=== Exercise inputs ===
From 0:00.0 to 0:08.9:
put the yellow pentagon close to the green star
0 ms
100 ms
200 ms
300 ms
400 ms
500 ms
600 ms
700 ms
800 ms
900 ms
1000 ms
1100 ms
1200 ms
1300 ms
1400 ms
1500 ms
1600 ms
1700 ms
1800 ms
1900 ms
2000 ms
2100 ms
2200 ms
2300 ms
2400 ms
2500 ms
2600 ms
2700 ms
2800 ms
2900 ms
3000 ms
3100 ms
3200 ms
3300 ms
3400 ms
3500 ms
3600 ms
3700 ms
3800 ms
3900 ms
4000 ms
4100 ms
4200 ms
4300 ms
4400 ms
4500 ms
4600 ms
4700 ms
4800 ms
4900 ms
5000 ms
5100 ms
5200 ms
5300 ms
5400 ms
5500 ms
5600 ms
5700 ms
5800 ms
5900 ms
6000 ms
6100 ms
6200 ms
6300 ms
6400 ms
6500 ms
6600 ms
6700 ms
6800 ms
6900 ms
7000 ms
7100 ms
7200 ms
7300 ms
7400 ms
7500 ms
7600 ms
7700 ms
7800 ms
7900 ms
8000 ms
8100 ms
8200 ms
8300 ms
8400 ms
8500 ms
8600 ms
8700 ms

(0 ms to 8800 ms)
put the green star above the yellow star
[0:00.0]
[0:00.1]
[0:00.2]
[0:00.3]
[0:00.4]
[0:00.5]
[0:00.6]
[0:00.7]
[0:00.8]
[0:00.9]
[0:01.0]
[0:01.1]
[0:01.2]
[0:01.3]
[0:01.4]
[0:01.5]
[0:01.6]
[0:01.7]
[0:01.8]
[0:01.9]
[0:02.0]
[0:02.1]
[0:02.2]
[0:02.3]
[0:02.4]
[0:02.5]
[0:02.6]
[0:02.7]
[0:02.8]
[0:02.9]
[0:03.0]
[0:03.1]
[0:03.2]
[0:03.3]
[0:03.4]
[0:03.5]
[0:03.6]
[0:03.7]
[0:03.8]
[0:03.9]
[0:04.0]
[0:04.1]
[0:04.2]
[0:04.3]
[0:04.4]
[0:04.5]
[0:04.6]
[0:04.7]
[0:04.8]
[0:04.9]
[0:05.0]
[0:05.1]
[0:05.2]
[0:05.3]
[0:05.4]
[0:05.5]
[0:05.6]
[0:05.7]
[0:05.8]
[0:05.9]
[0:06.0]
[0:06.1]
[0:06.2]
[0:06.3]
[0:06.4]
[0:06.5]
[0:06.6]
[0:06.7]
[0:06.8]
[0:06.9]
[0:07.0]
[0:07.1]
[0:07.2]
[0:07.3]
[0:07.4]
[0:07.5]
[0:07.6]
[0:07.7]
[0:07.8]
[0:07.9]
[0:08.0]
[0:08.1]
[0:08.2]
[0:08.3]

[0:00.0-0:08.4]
===
-- Directions for this task --
Letter for letter, copy all of the entries above.

-- Result of this exercise --
From 0:00.0 to 0:08.9:
put the yellow pentagon close to the green star
0 ms
100 ms
200 ms
300 ms
400 ms
500 ms
600 ms
700 ms
800 ms
900 ms
1000 ms
1100 ms
1200 ms
1300 ms
1400 ms
1500 ms
1600 ms
1700 ms
1800 ms
1900 ms
2000 ms
2100 ms
2200 ms
2300 ms
2400 ms
2500 ms
2600 ms
2700 ms
2800 ms
2900 ms
3000 ms
3100 ms
3200 ms
3300 ms
3400 ms
3500 ms
3600 ms
3700 ms
3800 ms
3900 ms
4000 ms
4100 ms
4200 ms
4300 ms
4400 ms
4500 ms
4600 ms
4700 ms
4800 ms
4900 ms
5000 ms
5100 ms
5200 ms
5300 ms
5400 ms
5500 ms
5600 ms
5700 ms
5800 ms
5900 ms
6000 ms
6100 ms
6200 ms
6300 ms
6400 ms
6500 ms
6600 ms
6700 ms
6800 ms
6900 ms
7000 ms
7100 ms
7200 ms
7300 ms
7400 ms
7500 ms
7600 ms
7700 ms
7800 ms
7900 ms
8000 ms
8100 ms
8200 ms
8300 ms
8400 ms
8500 ms
8600 ms
8700 ms

(0 ms to 8800 ms)
put the green star above the yellow star
[0:00.0]
[0:00.1]
[0:00.2]
[0:00.3]
[0:00.4]
[0:00.5]
[0:00.6]
[0:00.7]
[0:00.8]
[0:00.9]
[0:01.0]
[0:01.1]
[0:01.2]
[0:01.3]
[0:01.4]
[0:01.5]
[0:01.6]
[0:01.7]
[0:01.8]
[0:01.9]
[0:02.0]
[0:02.1]
[0:02.2]
[0:02.3]
[0:02.4]
[0:02.5]
[0:02.6]
[0:02.7]
[0:02.8]
[0:02.9]
[0:03.0]
[0:03.1]
[0:03.2]
[0:03.3]
[0:03.4]
[0:03.5]
[0:03.6]
[0:03.7]
[0:03.8]
[0:03.9]
[0:04.0]
[0:04.1]
[0:04.2]
[0:04.3]
[0:04.4]
[0:04.5]
[0:04.6]
[0:04.7]
[0:04.8]
[0:04.9]
[0:05.0]
[0:05.1]
[0:05.2]
[0:05.3]
[0:05.4]
[0:05.5]
[0:05.6]
[0:05.7]
[0:05.8]
[0:05.9]
[0:06.0]
[0:06.1]
[0:06.2]
[0:06.3]
[0:06.4]
[0:06.5]
[0:06.6]
[0:06.7]
[0:06.8]
[0:06.9]
[0:07.0]
[0:07.1]
[0:07.2]
[0:07.3]
[0:07.4]
[0:07.5]
[0:07.6]
[0:07.7]
[0:07.8]
[0:07.9]
[0:08.0]
[0:08.1]
[0:08.2]
[0:08.3]

[0:00.0-0:08.4]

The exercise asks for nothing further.